⟨

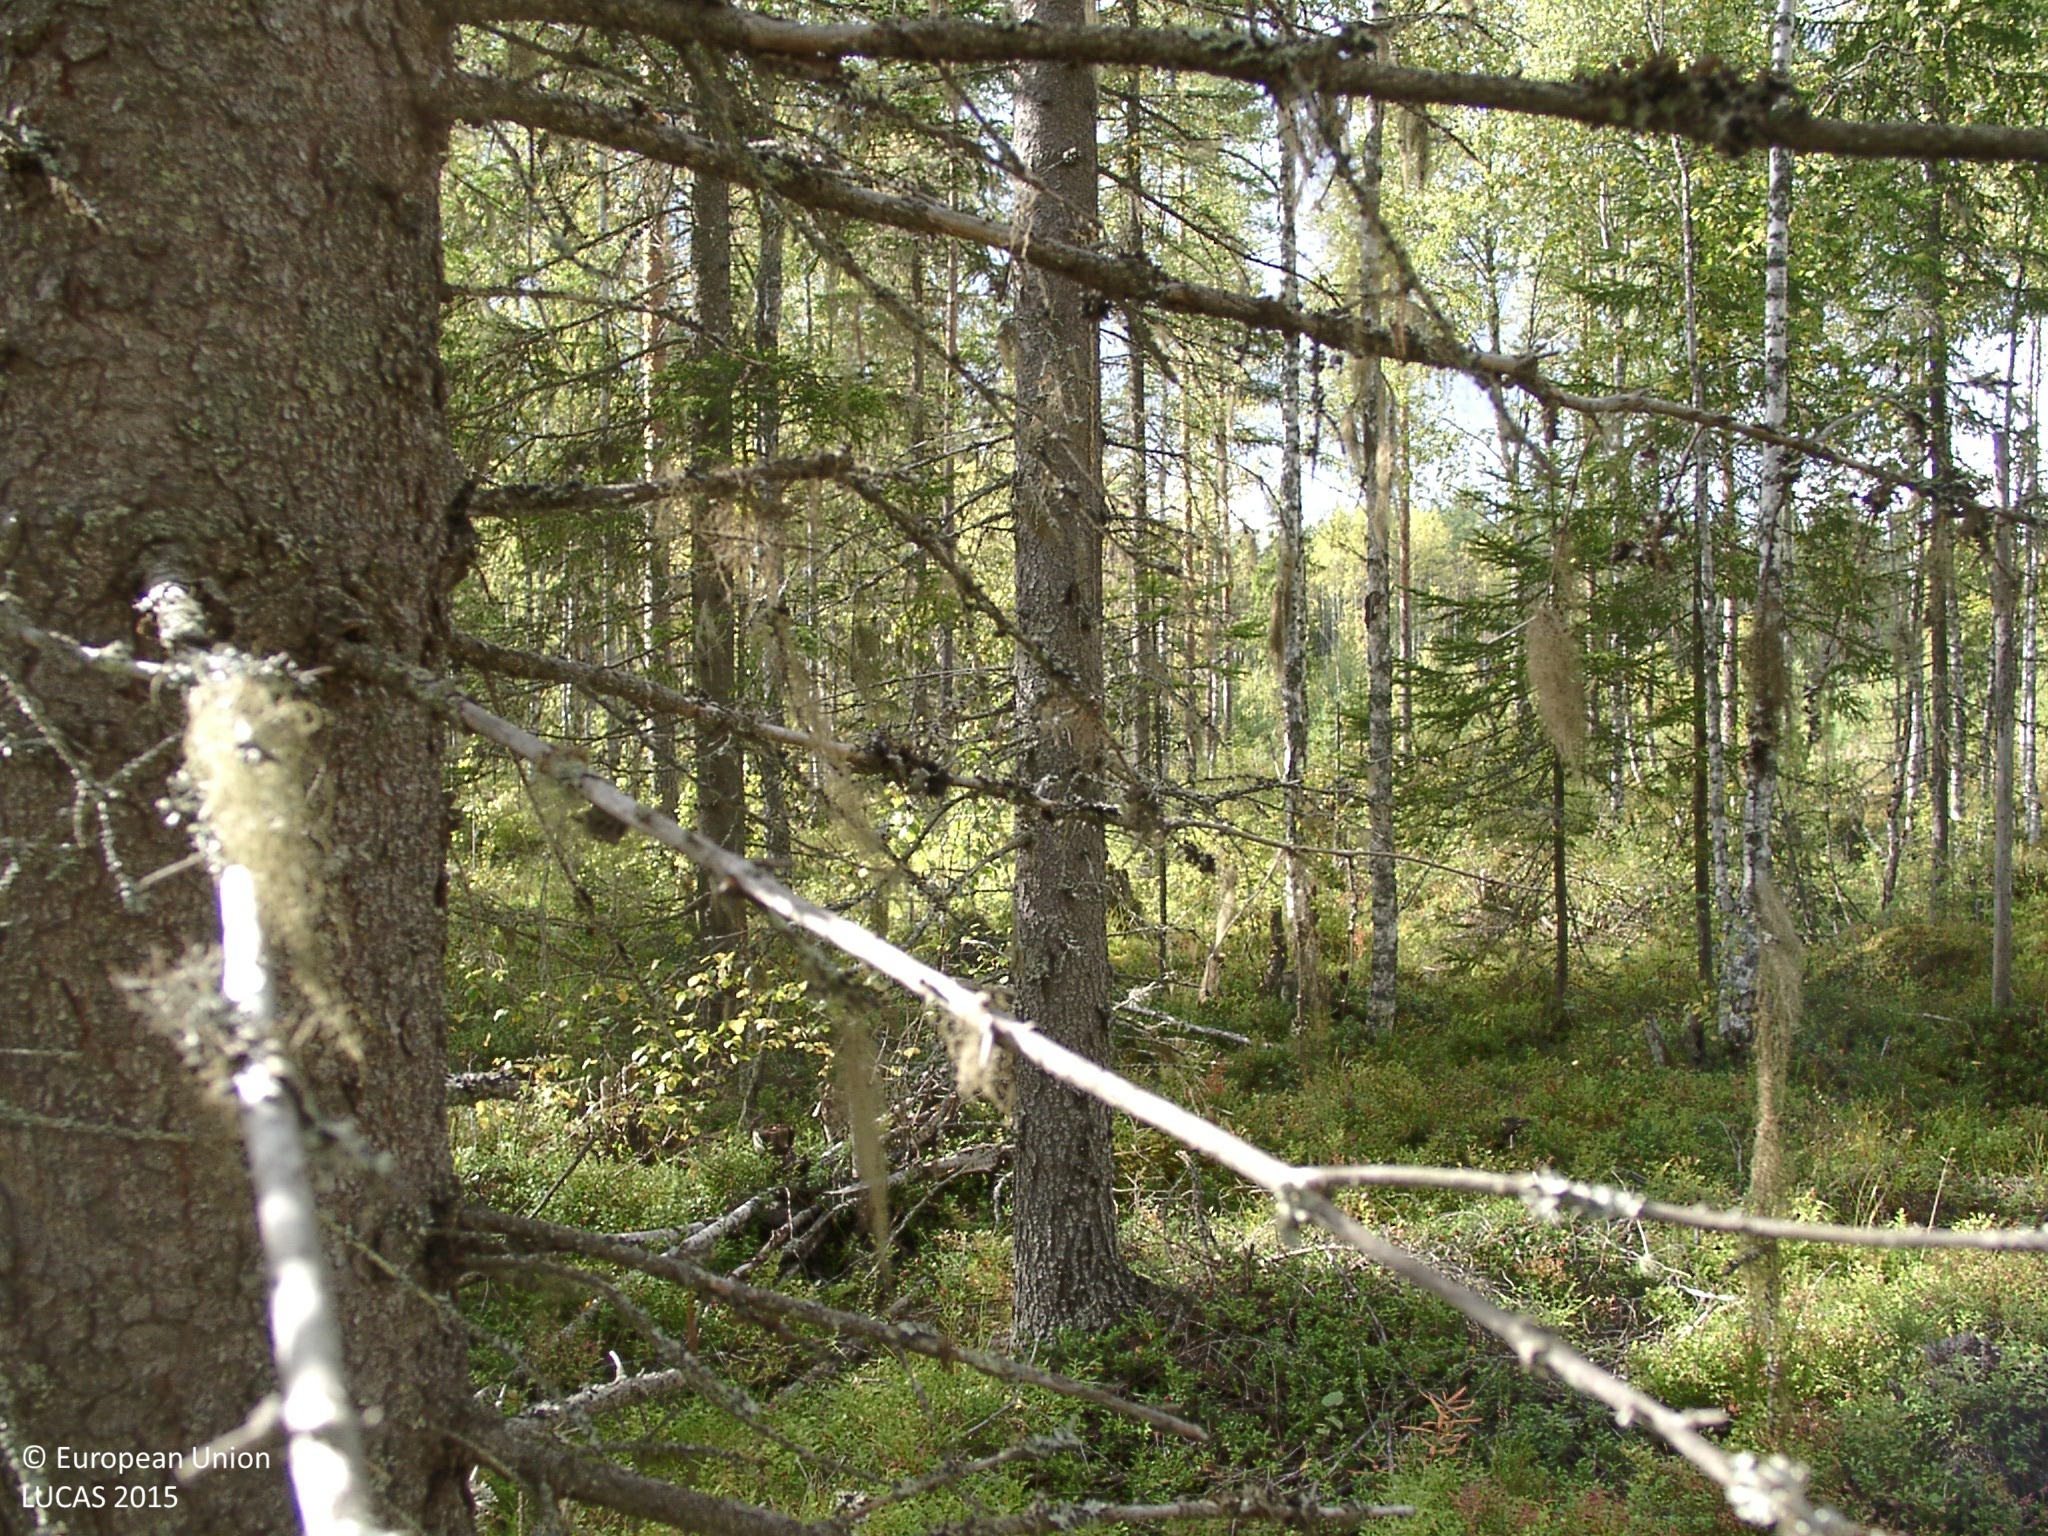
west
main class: Woodland
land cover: Other mixed woodland
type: boreal forest
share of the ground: 50 - 75 %
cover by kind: coniferous forest trees 40 %, shrubs 25 %, broadleaved forest trees 20 %, lichens and mosses 15 %
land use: Forestry
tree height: > 5 m
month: September
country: FI
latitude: 62.8741
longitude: 25.6622
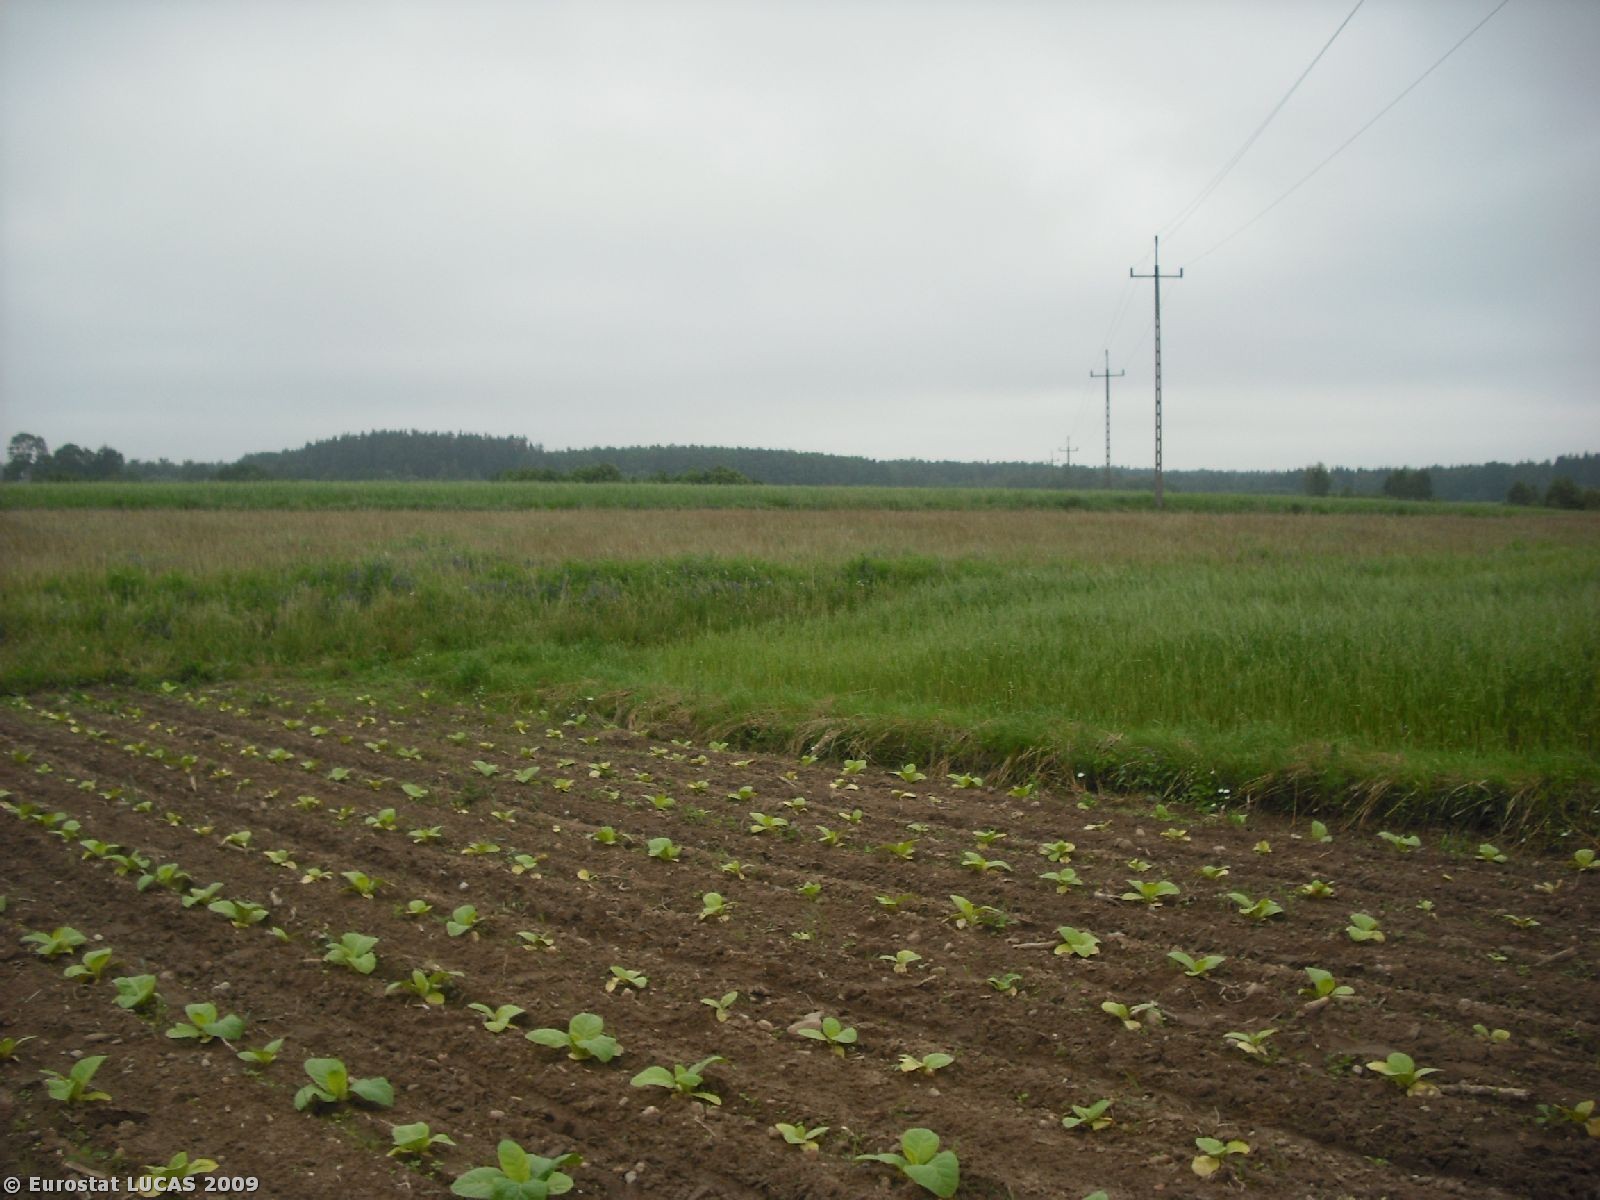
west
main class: Cropland
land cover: Tobacco
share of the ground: 25 - 50 %
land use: Agriculture (excluding fallow land and kitchen gardens)
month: June
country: PL
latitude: 53.9791
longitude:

⟩

== Exercise objective ==
Print each line, exactly as written, from the one that contains "main class: Cropland" to the end of the data above, with both end lines included and nothing else.

== Answer to this exercise ==
main class: Cropland
land cover: Tobacco
share of the ground: 25 - 50 %
land use: Agriculture (excluding fallow land and kitchen gardens)
month: June
country: PL
latitude: 53.9791
longitude:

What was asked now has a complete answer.